A different position, a little shake of the hips here, a little wiggle of the leg there, a different hypnobirthing track, a little more patience or faith or one of those nice fabric things from India or Mexico or wherever that some rando doula told you about...


Then your home birth wouldn't have ended in an emergency c-section.



But MOST of all I think you'll be surprised to know that despite the pain of the incision, the sore tailbone that makes every position excruciating, the mastitis and your bruised ego...


... you won't want to give up any of it.


You won't want to give up the hard bits.


It's hands down the most difficult , most frightening, most unpleasant and inconvenient thing that you'll ever do.


Yet you wouldn't have someone else carry and birth the baby for you, nor would you grow him in a vat, if you could.


Despite pregnancy giving you a personality transplant and shattering your sense of self.


Despite the haunting memory of a 35-hour labour that ended in being cut open and sewn back together.


You won't want to give up the stretch marks, or your scar, or your slightly worse-for-wear boobs.
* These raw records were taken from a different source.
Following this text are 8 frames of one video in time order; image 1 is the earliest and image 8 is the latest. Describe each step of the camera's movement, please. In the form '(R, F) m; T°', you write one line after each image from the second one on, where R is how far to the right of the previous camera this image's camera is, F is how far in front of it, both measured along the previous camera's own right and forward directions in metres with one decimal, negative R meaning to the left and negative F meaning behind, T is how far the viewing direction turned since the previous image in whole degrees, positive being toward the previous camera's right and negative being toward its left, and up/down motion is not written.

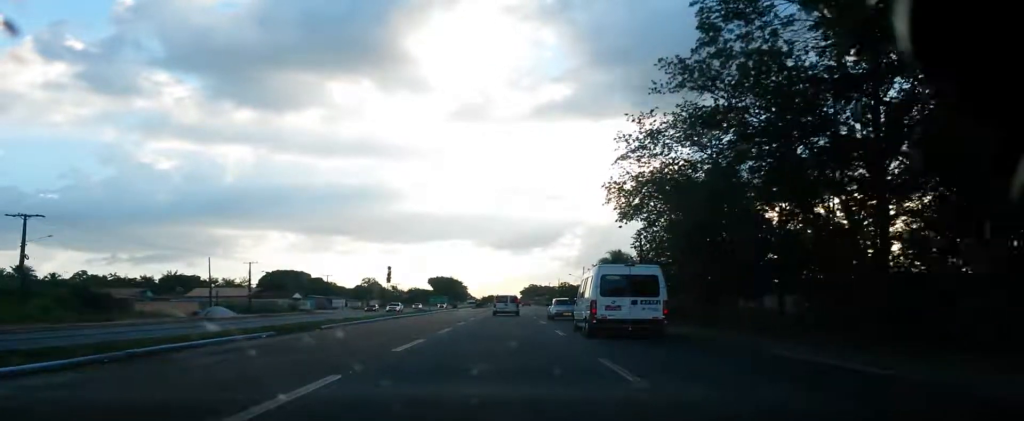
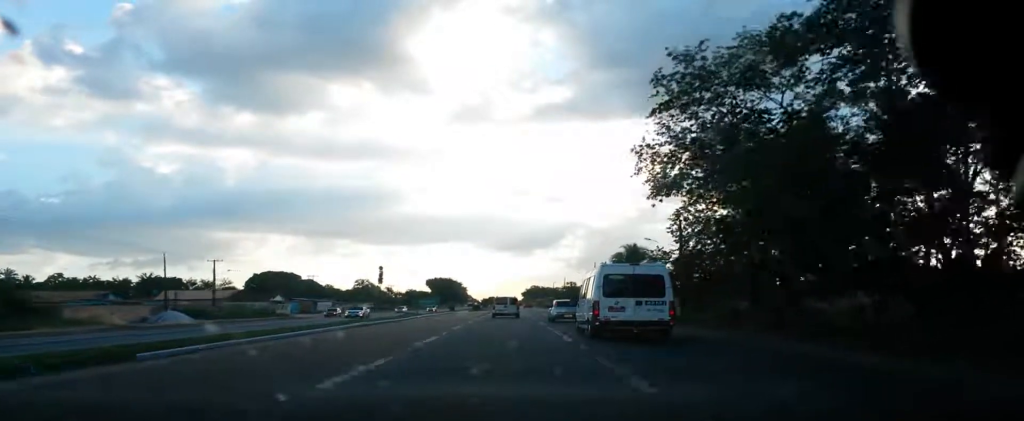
(+0.1, +12.3) m; +2°
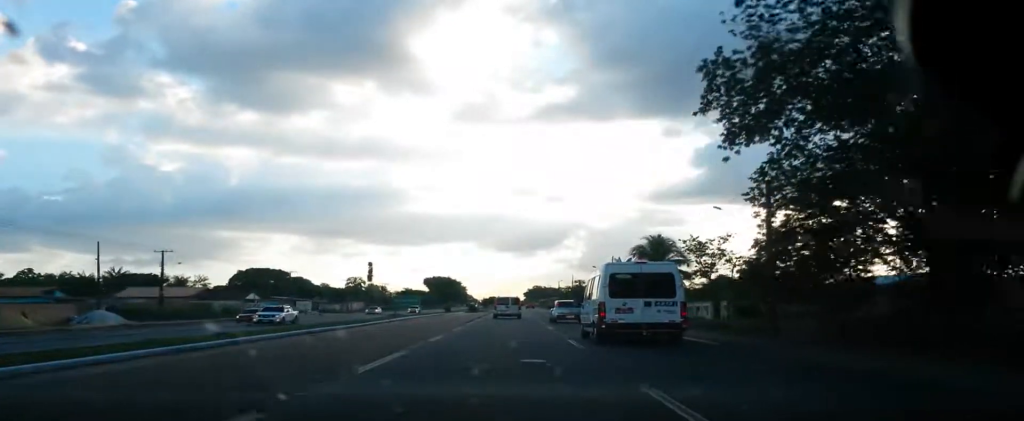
(+0.1, +13.3) m; +2°
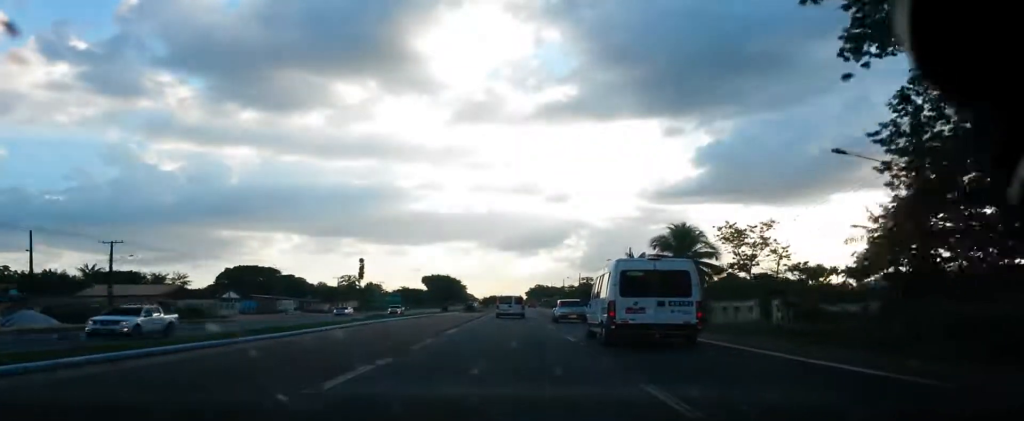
(+0.2, +9.9) m; -2°
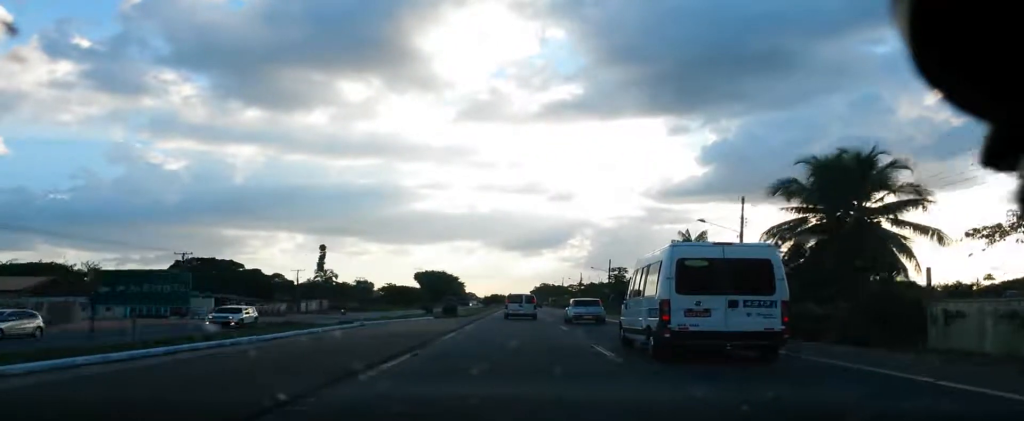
(-1.9, +28.8) m; -3°
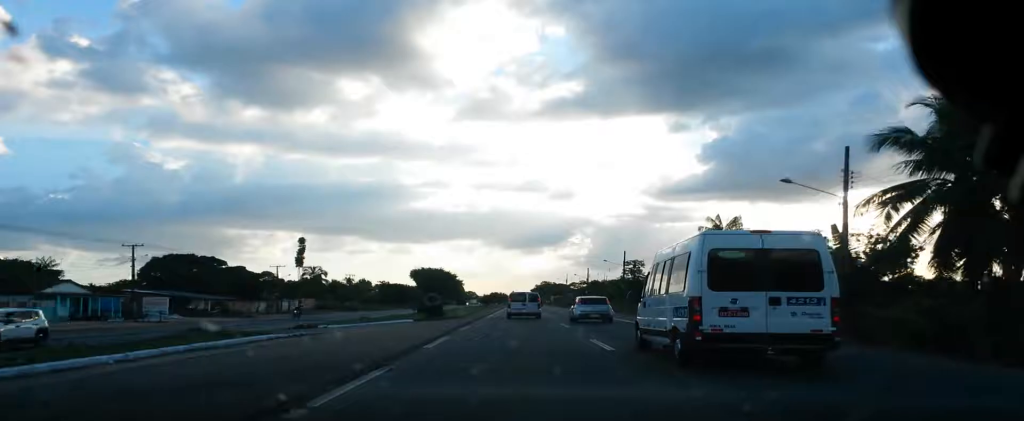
(+0.4, +10.8) m; 0°
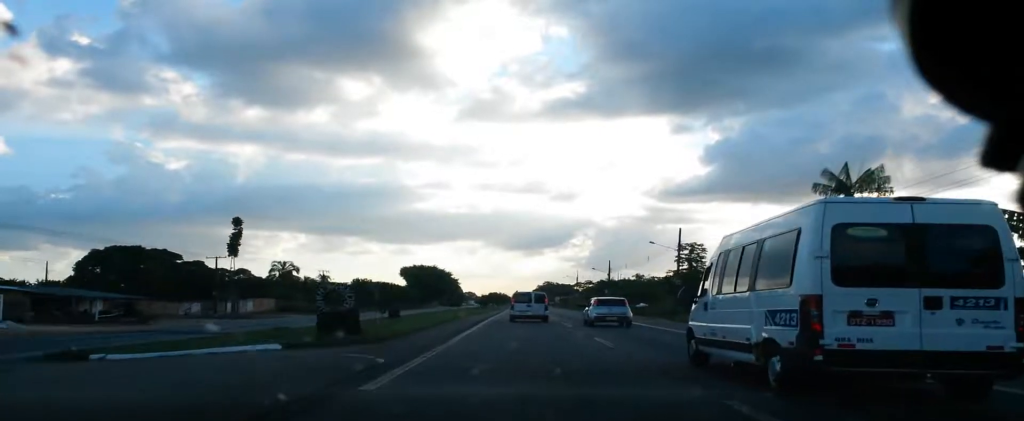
(+0.5, +24.2) m; 0°
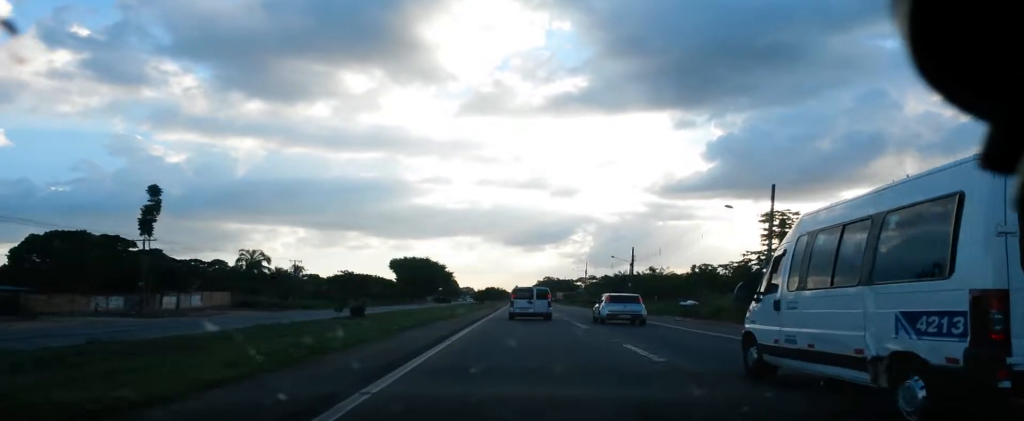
(-0.8, +18.5) m; 0°

Despite the hair-loss and regrowth 2 years later that makes you look like your dad trying to grow out a mullet from the 80s.


Because the hard bits are somehow just as sweet as the sweet bits.


They are the completeness of your experience.


You look at these bits now with fear and dread and you only see their cost. You think how great being a mother would be if you could only avoid them somehow.


But you'll soon cherish them.


You won't want to outsource the sleepless nights, the early mornings, the needy baby that wants you and only you, for hours, everyday, for almost 2 years.


In a world where there are millions of indistinguishable carbon copies of humans much more perfect and interesting and better than you.


You are irreplaceable.


In a world of plastic and perfection and hyper-connection and a digital house of mirrors and taking the easy way and chasing endless hedonism and eternal youth.


They make you human.


They make you alive.


They make you a severely dysfunctional cog in the Machine.


But they'll somehow make you better.


And more complete.


Less effective in every way.


Less focused. Less productive.


But more loving. More loved. More important.


In a time when we talk about a mother's "unpaid labour" and attempt to put a price tag on our time, love and affection. In a time where outsourcing gestation or selling fertility are beginning to be technological possibilities…


When you feel resentful that it takes up so much of your energy, bandwidth and mental health…


When you lament the fact that your energy and time is being taken away from your ability to make money or work for a boss, or participate in the workplace as though you have nothing better to do and there is no greater calling…


They'll remind you that there's something about being human that can't be replaced or bought or sold or provided for by markets.



Something that isn't fungible.


That you aren't fungible.


Something sacred that you only get to see when you've done the hard bits and made it through the other side alive, if not totally intact.